A Gender Unequal United States? Delayed Ratification and Gaps in the Amendment Procedure
The United States Constitution does not expressly prohibit discrimination based on sex. A contested amendment that sought to fill this gap took almost half a century. The delay raises complex constitutional questions regarding the amendment procedure and provides useful lessons for constitutional drafters around the world – writes Erin C. Houlihan.
On 15 January 2020, Virginia became the 38th state to ratify the Equal Rights Amendment (ERA) to the Constitution of the United States. The ERA proposal was adopted by Congress in 1972; it would expressly prohibit discrimination based on sex and ensure equal rights for women and men. It would also give Congress the authority to enforce the provision with appropriate legislation. While the 38th state approval nominally triggers the addition of the amendment to the Constitution, the long delay between Congress’s adoption and Virginia’s approval – paired with the intervening expiration of two ratification deadlines and several state rescissions of prior ratification – has created controversies around the modern understanding of the amendment procedure in Article V of the US Constitution.
The ERA’s tortuous history
The US Constitution provides two pathways to constitutional amendment. First, Congress may propose an amendment through a joint resolution passed by two-thirds of both Houses. Alternatively, the legislatures of two-thirds of the several states may apply to Congress to call a Convention for proposing amendments. Either way, an amendment is adopted when ratified by three-fourths of the several states or by conventions in three-fourths thereof. All amendments to date (including the ERA) have followed the first path. Since 1959, 38 states must ratify for an amendment to be adopted. Article V is silent, however, with regard to other procedural issues – and therein lies the challenge for the ERA.

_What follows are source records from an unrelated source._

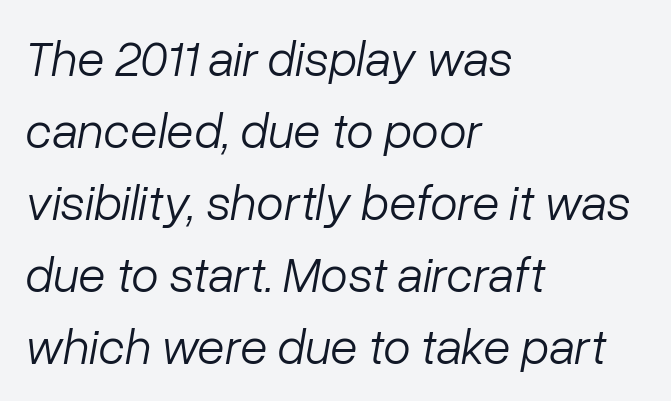
Italic? Definitely — the glyphs are oblique. The text block is weighted toward the left margin, trailing off unevenly rightward. There is no visible air inserted between adjacent glyphs. Plain, unruled lines of type.
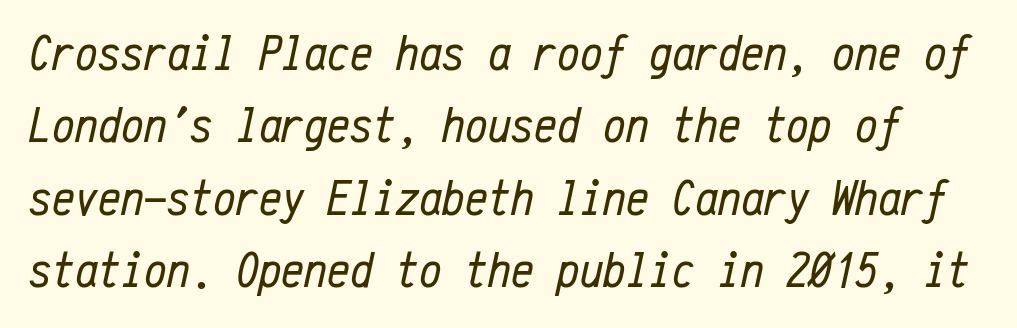
You can tell it's italic because the verticals aren't actually vertical. In terms of leading, this rendering sits right in the middle. Weight: not bold — regular or lighter. The glyphs are unaccompanied by any horizontal stroke below them. This sample has the even, mechanical cadence of fixed-width lettering. This rendering leaves character spacing at its baseline value.
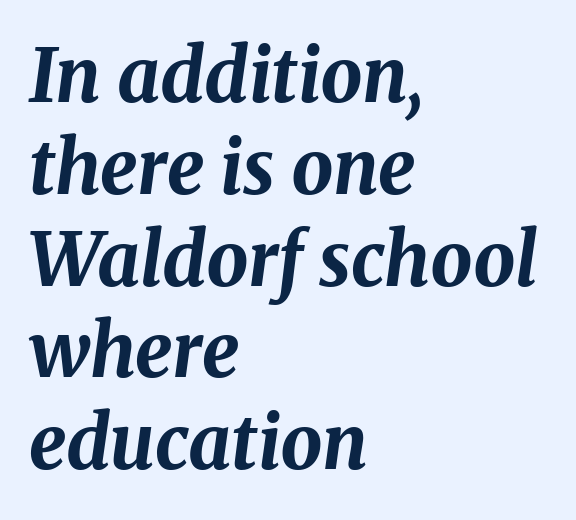
Horizontal alignment here is leftward, the default for most running prose. Looks like regular typesetting: each glyph gets only the width it needs. Clear beneath every line of the passage. On the weight axis this lands at bold, roughly 700. Posture: slanted. The horizontal fit of the characters is conventional and even.
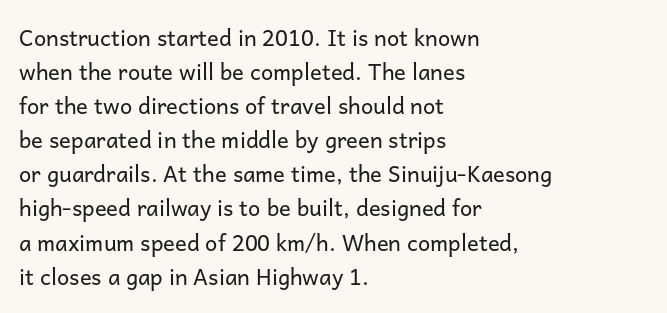
Q: Is the text bold? A: No.
Q: Is the text italic (slanted)? A: No, it is upright.
Q: Is the text underlined? A: No.
Q: How is the paragraph aligned? A: Left-aligned.
Q: Is the spacing between letters normal or unusually wide? A: Normal.
Q: Is the spacing between lines tight, normal or loose? A: Normal.
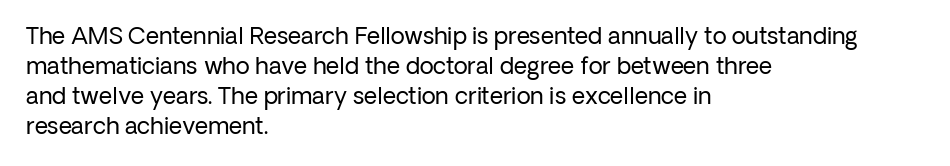
The image shows 23 px text type, upright; set left-aligned, normal line spacing (1.3x), normal letter spacing, not underlined.
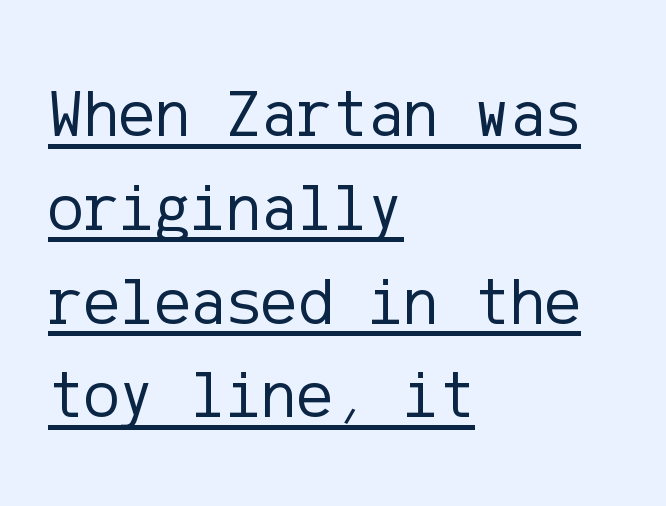
{"serif": "no", "italic": "no", "bold": "no", "weight": "regular", "width": "normal", "stroke_contrast": "low", "x_height": "medium", "underline": "yes", "align": "left", "line_spacing": "normal", "line_spacing_ratio": 1.4, "letter_spacing": "normal", "letter_spacing_em": 0.0, "glyph_px": 67}
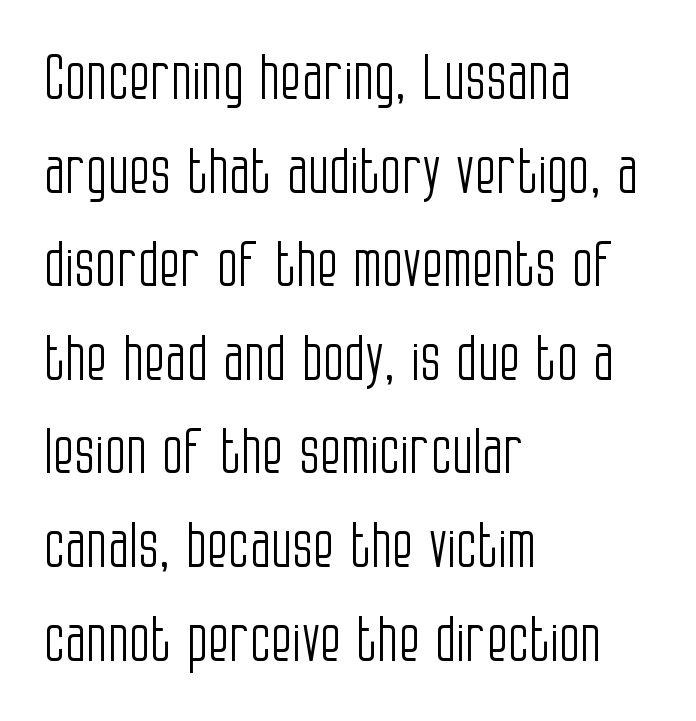
{"serif": "no", "italic": "no", "bold": "no", "weight": "light", "width": "condensed", "stroke_contrast": "low", "x_height": "large", "monospaced": "no", "underline": "no", "align": "left", "line_spacing": "normal", "line_spacing_ratio": 1.51, "letter_spacing": "normal", "letter_spacing_em": 0.0, "glyph_px": 62}
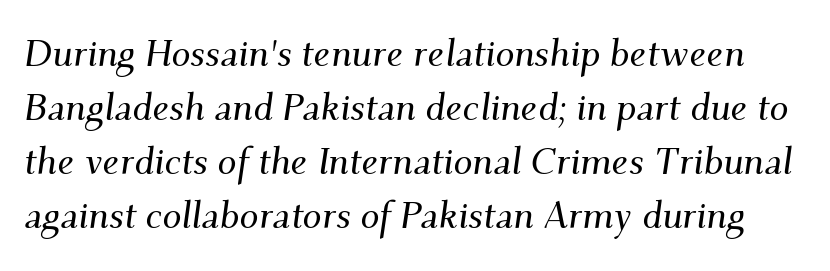
Underlining? Definitely not there. The gaps between neighbouring characters are ordinary and unremarkable. This sample has the flowing, uneven cadence of proportional lettering. Regular leading.

The ERA was first conceived in 1923 by Alice Paul and Crystal Eastman of the National Women’s Party. Their proposal sought to overturn thousands of discriminatory state laws through a single federal amendment, yet the bill made little progress during the first half of the twentieth century. This was in part because the women’s movement itself was deeply divided over the amendment in its proposed form. Some argued that differences between men and women needed to be legally salient, and that women should be afforded legal protection rather than legal equality. The protection approach had been crucial to the labour rights movement and particularly for women factory workers. By the 1960s, however, the Civil Rights Movement sparked widespread change in attitudes toward structural inequalities and the social, economic and legal status of women. Lobbying efforts were renewed and key provisions of the original ERA were resubmitted to Congress. The revised proposal was adopted in 1972 with more than 90% of members of both Houses voting in favour.
Despite this strong congressional support, ratification did not proceed smoothly. Under its 1972 proposing clause, the Senate set a seven-year window for state ratification, closing on 22 March 1979. By 1977, 35 states had ratified – three short of those needed to adopt.
In the meantime, opponents of abortion, same sex marriage, and the idea that gender identity may differ from biological sex increasingly came to see the ERA as a threat to conservative values. Long-term opposition campaigns were launched which succeeded in prompting five states – Idaho, Kentucky, Nebraska, South Dakota and Tennessee – to rescind their ratifications between 1973 and 1977.
In 1978, Congress extended the ratification window until 30 June 1982, but no additional states ratified before the revised timeline lapsed. Thirty-five years passed until Nevada became the 36th state to ratify in 2017, followed by Illinois in 2018 and Virginia in 2020.
Unresolved issues in the amendment process
In light of these belated ratifications, Congress, the states and the judiciary must contend with two constitutional questions around which there is limited precedent and much debate. The first focuses on whether or not Congress has legal standing to remove an amendment ratification deadline after its expiry. The second involves the implications under Article V of the rescission of prior ratification by the five states.
On the first question, judicial precedent has recognized that proposal and ratification are succeeding steps in a single endeavor and not unrelated acts; ratification must be sufficiently contemporaneous with proposal and Congress is within its authority to establish a ratification deadline. However, courts have not addressed Congress’s authority to extend or eliminate a deadline ex post facto. On the second question, a federal district court held in 1982 that State rescissions are indeed valid, but the decision was vacated on appeal because the issue had become moot.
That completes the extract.